Tutorials required cluster setup

This page describes the HPC/Slurm setup needed to follow along in our HPC (=cluster computing) kickstart courses. The target audience of this page is HPC system staff who would like to direct their users to follow along with this course. What is on this page is not actual “requirements” but “if you don’t match this, you will have to tell your users”. Perhaps it could be added to your quick reference.

This course is designed to be a gentle introduction to scaling up from a local workflow to running on a cluster. It is not especially focused on the high performance part but instead the basics and running existing things on a cluster. And just to make it clear: our main lesson isn’t just following our tutorials, but teaching someone how to figure things out on other clusters, too.

Our philosophy for clusters is:

  • Make everything possible automatic (for example, partition selection, Slurm options). A user should only need to specify what is needed - at least for tutorials.

  • Standardization is good: don’t break existing standard Slum things, it should be possible to learn “base Slurm” and use it across clusters (even if it’s not the optimal form)

General

These tutorials/our course will be quite easy to use for users of a cluster which have:

  • Slurm as the batch system

  • You can get a shell (likely via ssh)

  • git installed without needing to load a module

  • Python 2 or 3 (any version) installed as python without needing to load a module.

Quick reference

If you run your own cluster, create a quick reference such as Triton quick reference so that others following tutorials such as ours can quickly translate to your own cluster’s specifics. (Our hope is that all the possible local configuration is on there, so that you can translate it to your site, and that is sufficient to run).

Connecting

Connection should be possible via ssh. You probably want a cheatsheet and installation help before our course.

Slurm

Slurm is the workload manager.

Partitions are automatically detected in most cases. We have a job_submit.lua script that detects these cases, so that for most practical purposes --partition never needs to be specified:

  • Partition is automatically detected based on run time (except for special ones such as debug, interactive, etc).

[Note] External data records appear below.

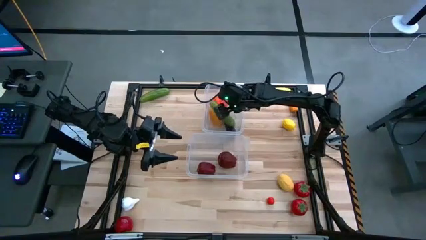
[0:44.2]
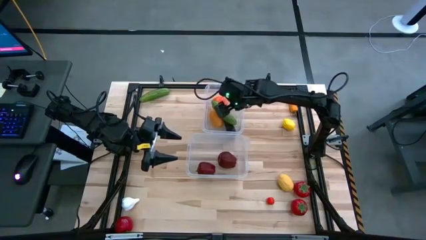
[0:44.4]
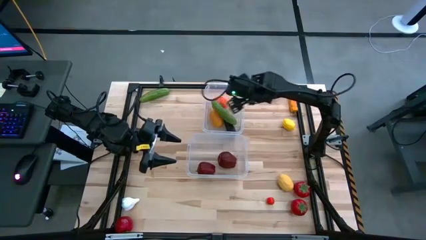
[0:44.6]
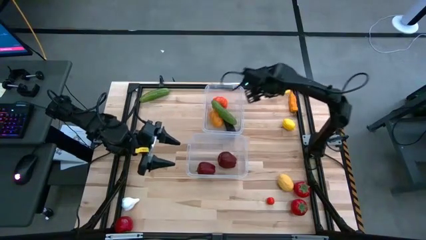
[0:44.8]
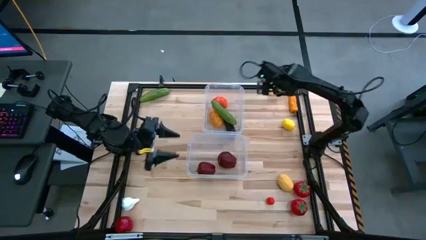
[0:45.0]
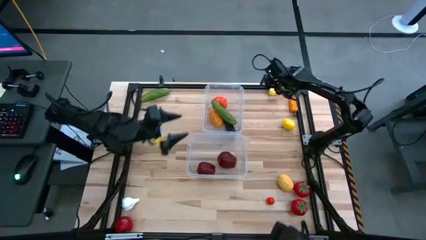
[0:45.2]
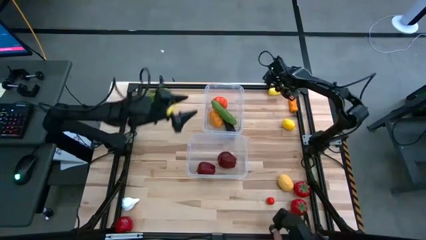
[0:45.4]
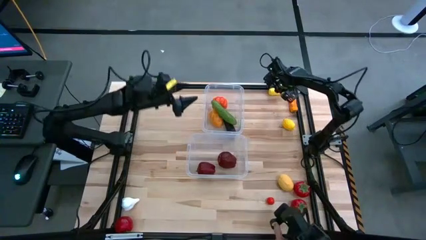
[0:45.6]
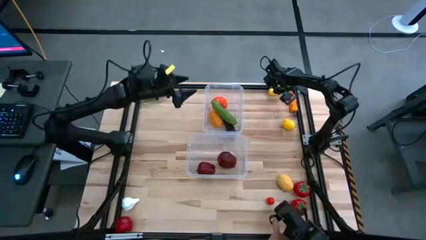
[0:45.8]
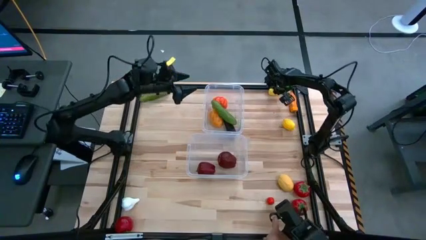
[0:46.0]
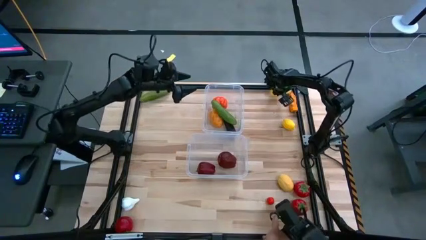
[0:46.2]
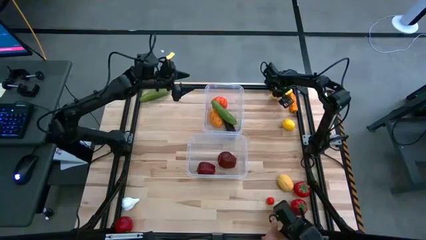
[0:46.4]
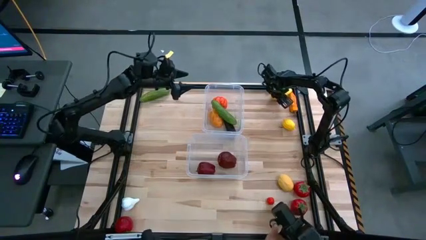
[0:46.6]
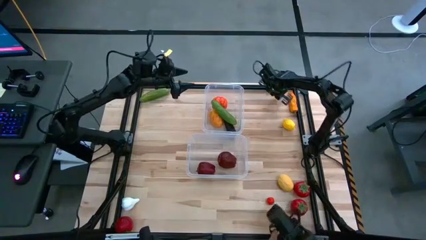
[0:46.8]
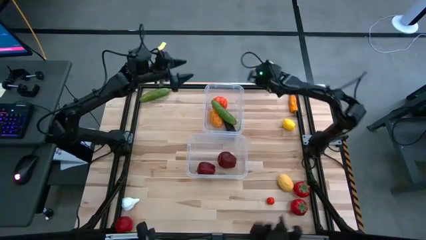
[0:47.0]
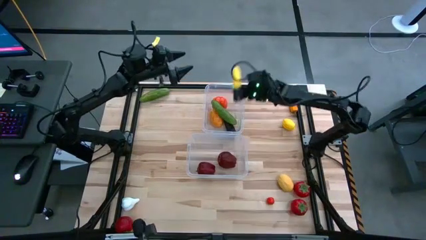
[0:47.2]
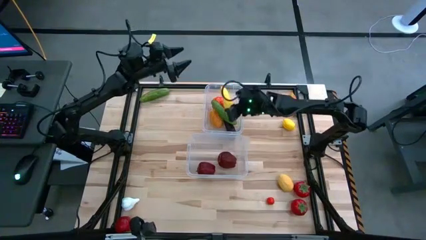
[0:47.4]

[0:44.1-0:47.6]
Put the yellow corn into the top transparent bin

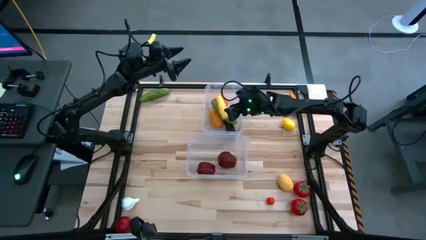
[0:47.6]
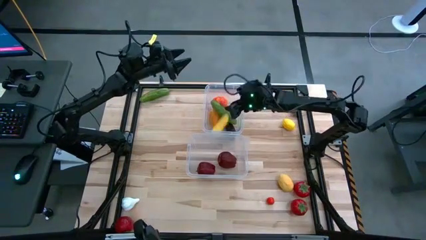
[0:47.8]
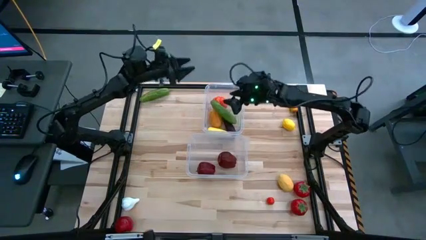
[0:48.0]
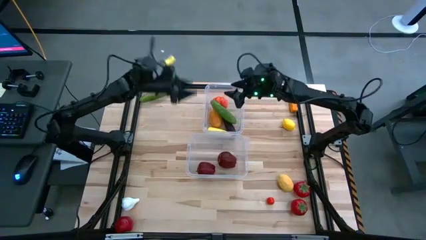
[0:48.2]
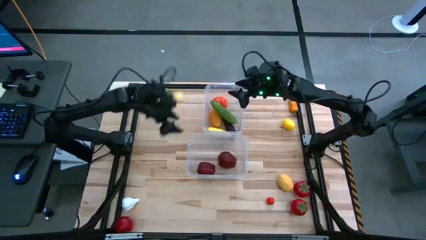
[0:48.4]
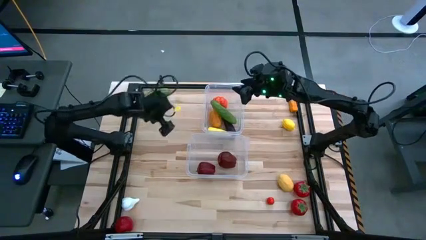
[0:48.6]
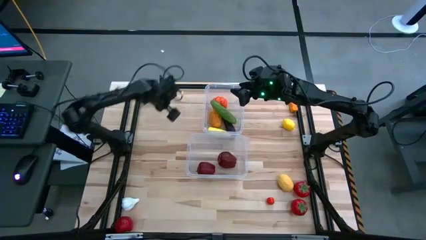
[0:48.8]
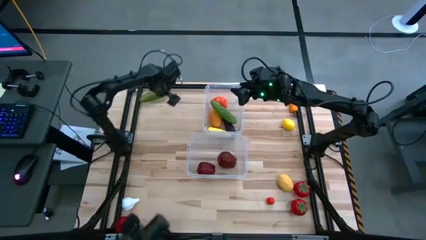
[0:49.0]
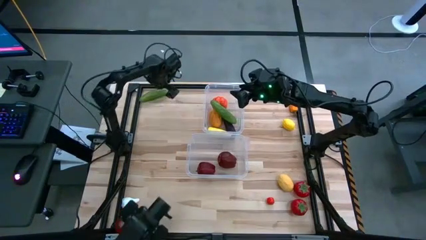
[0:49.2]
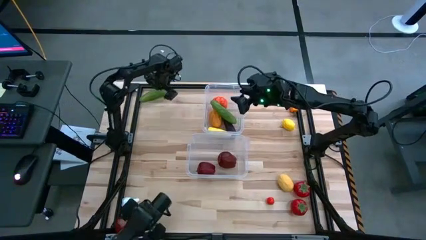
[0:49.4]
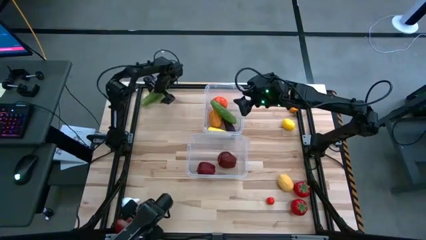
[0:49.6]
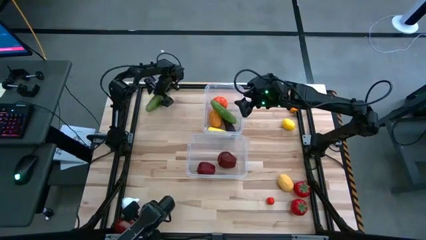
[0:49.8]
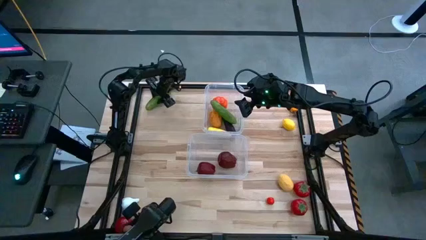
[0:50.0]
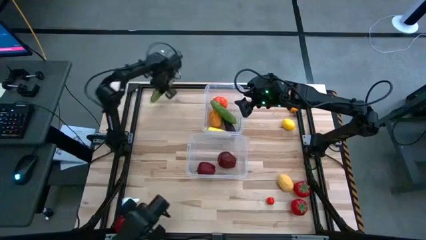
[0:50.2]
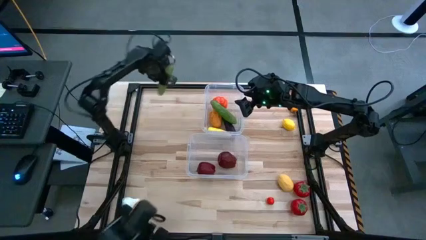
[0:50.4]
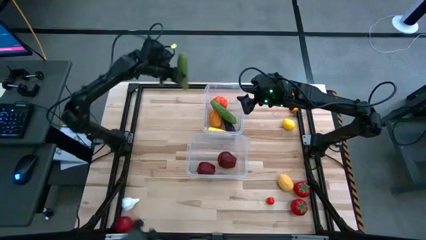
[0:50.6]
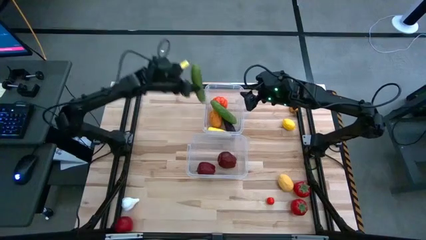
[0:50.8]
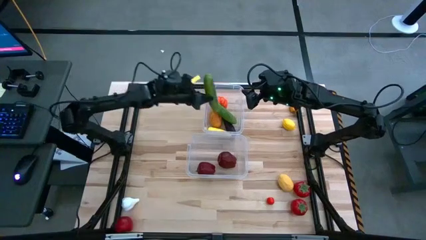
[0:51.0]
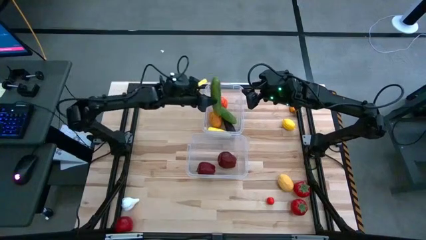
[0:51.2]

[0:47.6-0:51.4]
Put the green cucumber into the top transparent bin

  • GPU partition is automatically detected based on --gres.

There are no other mandatory Slurm arguments such as account or cluster selection.

seff is installed.

We use this slurm_tool wrapper, but we don’t require it (but it might be useful for your users anyway, perhaps this is an opportunity for joint maintenance): https://github.com/jabl/slurm_tool

Applications

You use Lmod and it works across all nodes without further setup.

Git: Git is used to clone our examples (and should have network access).

Python: We assume Python is available (version 2 or 3 - we make our examples run on both) without loading a module. Many of our basic examples use this to run simple programs to demonstrate various cluster features without getting deeper into software.

Data storage

We expect this to be different for everyone. We expect most clusters have at least a home directory (small) and a work space (large and high-performance).

$HOME is the home directory, small and backed up, not for big research, mounted on all nodes.

$WRKDIR is an environment variable that points to a per-user scratch directory (large, not backed up, suitable for fast I/O across all nodes)

We also strongly recommend group-based storage spaces for better data management.